SHE IS a leading lady of Asian cinema, and the star of more than 75 films. But for two days, she went almost unrecognised in Scotland - until she walked down the Royal Mile and encountered a group of stunned Chinese tourists.
Yesterday, the actress Maggie Cheung was back at the centre of attention in Edinburgh for the launch of Cinema China, a UK-wide celebration of Chinese films.
The event opened with Centre Stage, the film in which Cheung portrays the tragic Chinese star of silent film, Ruan Lingyu. Over the next ten days, 20 classic films from 80 years of Chinese movie-making will be screened in 20 cities across the UK.

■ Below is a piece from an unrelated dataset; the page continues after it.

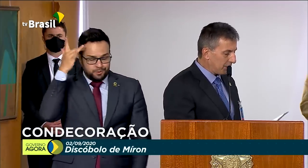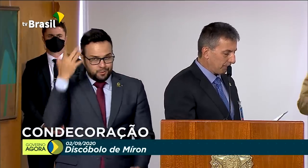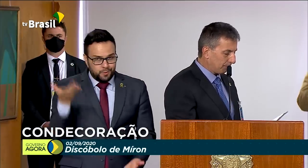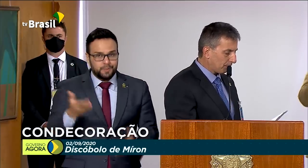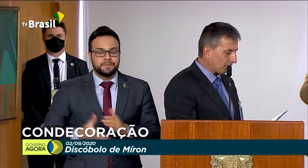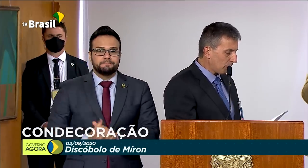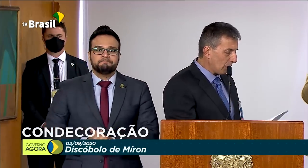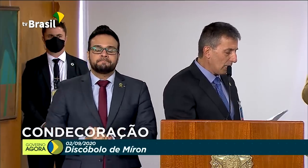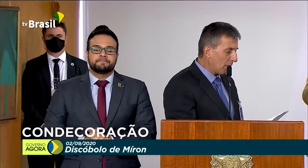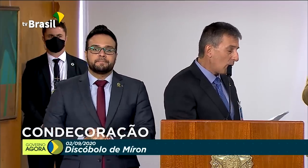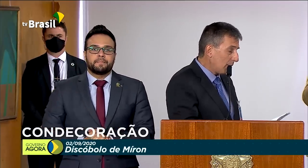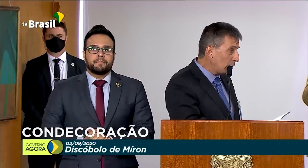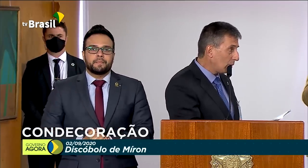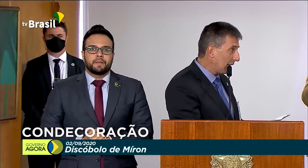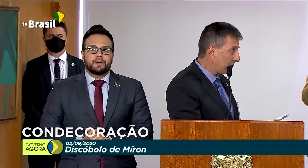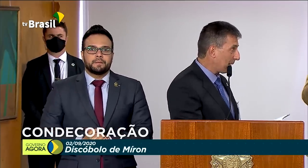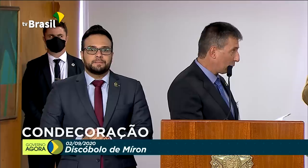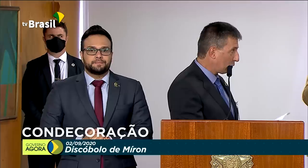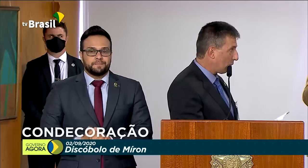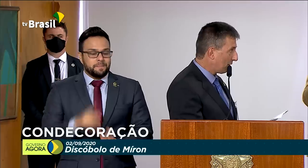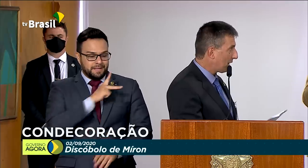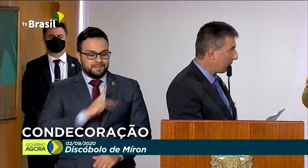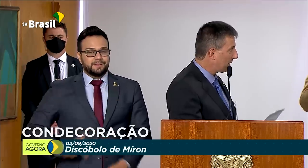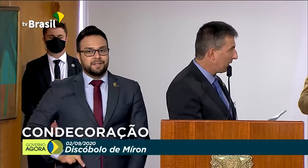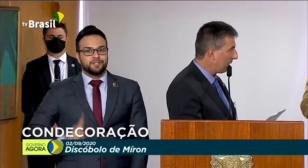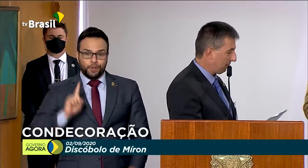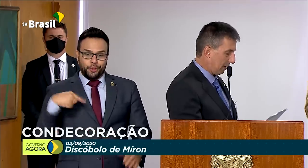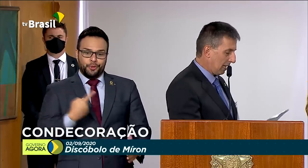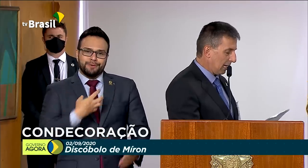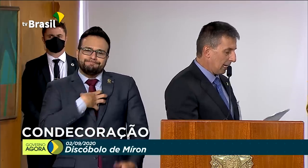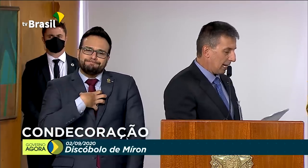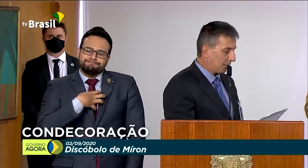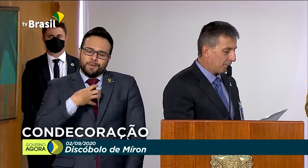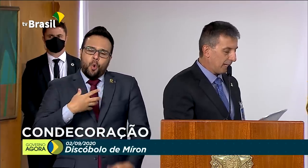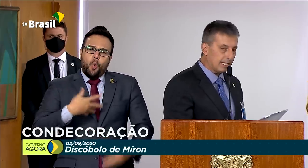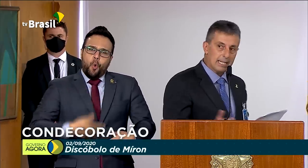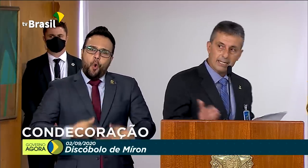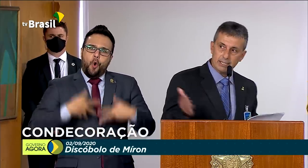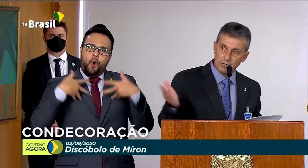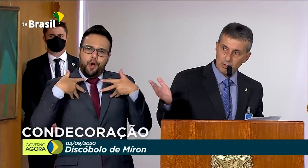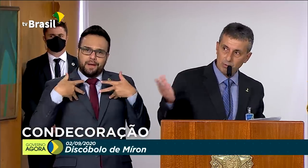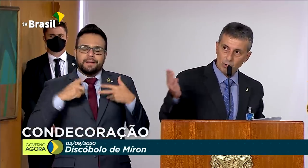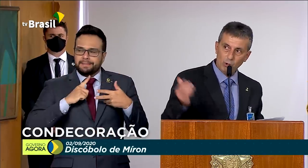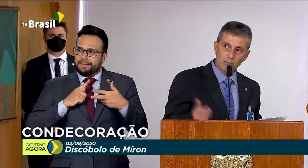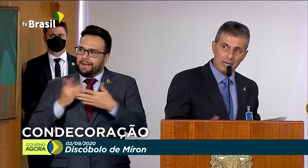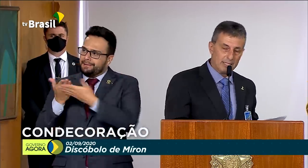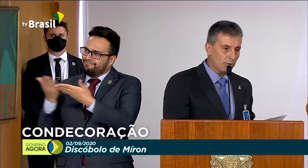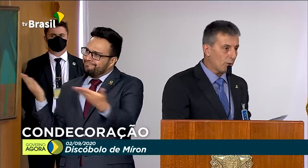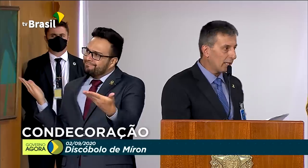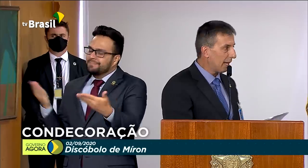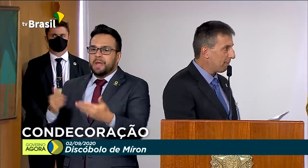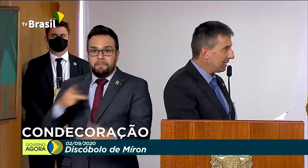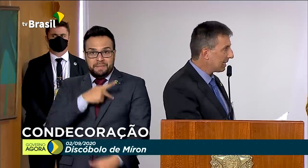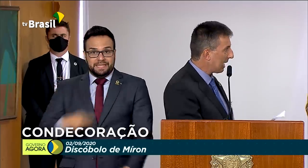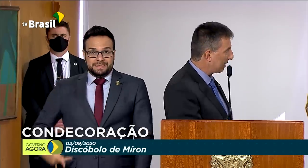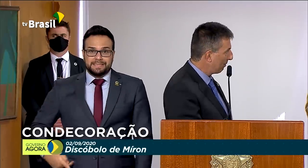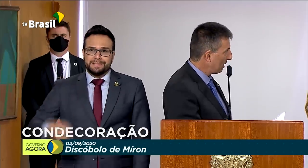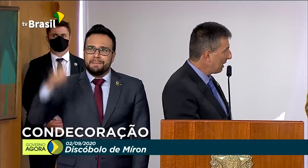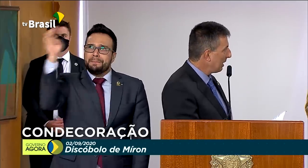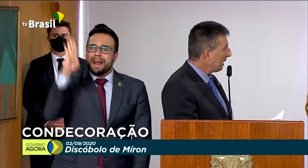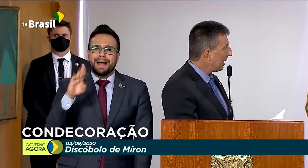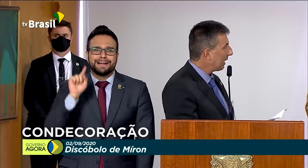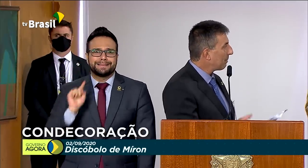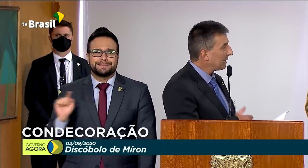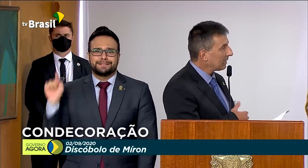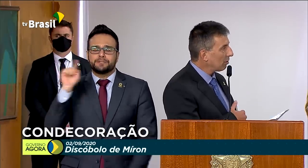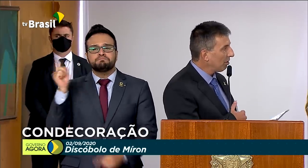Presidente, é uma honra muito grande para todos nós estarmos aqui. As presidências de todo o Brasil estão aqui representadas,

Cheung, 42, told how she had turned down 30 to 40 roles since she appeared as a drug-addicted aspiring singer in 2004's Clean, winning the best actress award at Cannes.
"It's actually very hard to take on something right now," she said. "I'm going through a phase of wanting to have a life. I do read film scripts, but I just need something that is so 'wow'."
Cheung is best known in the West for the likes of the martial arts action film Hero; the director Wong Kar-Wai's In the Mood for Love, and Clean, which was directed by her ex-husband, the French director Olivier Assayas.
In Asia, the former Miss Hong Kong may be better known for playing the girlfriend of a police detective opposite Jackie Chan, but she has won best actress awards for a dozen films at festivals ranging from Hong Kong and Hawaii to Cannes and Berlin.
Cheung arrived in Edinburgh without the entourage of a major star. She was travelling with her boyfriend, whom she declined to name because they are not a "golden couple", she said. She went walking on Gullane beach and shopping in Edinburgh. "I bought a couple of kilts which I hope to wear before I leave," she said. "I am hoping to turn kilts into fashion."
Cheung lived in Kent between the ages of seven and 17 after her family moved back to the UK, and she now divides her time between Hong Kong and Paris.
She came to the festival because she was "totally curious about Edinburgh", she said. "I've always imagined Scotland to be something like this. But it's not until you are here that you breathe the air, feel the light."
She said Scotland should lead the way in relaxing laws to allow more Chinese into this country. Chinese people have only recently been allowed visas to travel, she said, but would-be emigrants find it hard to reach Europe or the United States.
"It's good for a country to have many cultures. That's what gives life to the place and brings new things. If Scotland starts, I'm sure England will follow," she said.
Chinese movies still run into rows over censorship, with one recent Chinese production granted permission for a showing at the Berlin Film Festival only after a series of cuts.
In a Communist country, rules won't change overnight, she said. "They are like a parent. When they say no, it's no," she said, adding that some Chinese directors exaggerate the problems to get press attention in the West.
Cheung appears today in a film "masterclass" as part of the festival. "I don't feel I have any right to teach," she said. "I can talk about my experience, how films were made, how they happen. It's the passion and the acting side of it, of making films."
Cheung began making films in Hong Kong in the 1980s when the economy was booming and actors were offered a film "every other day", she said. "These films usually had no budget, no trailers - we were eating lunch on a doorstep, my make-up was done in the street, we changed costumes in a café lavatory."
There were no rules in the trade, and directors would lock actors and crew in the studio until a scene was finished.
"I devoted my life to cinema from the age of 19 for a good 20 years. All of the 1980s up until the mid 90s, I didn't have a life. I was making ten films a year, sleeping in the studio, sleeping in cars.
"Now I have made something out of my career, but I feel if I don't start living for me now, it's a bit late," she said.
The cycle of making a film, she said, from meeting the director to doing your make-up, to promoting it round the world, was all too familiar. Now, if she couldn't make a film she could be proud of - one to add to her "collection" - she would rather not make one at all.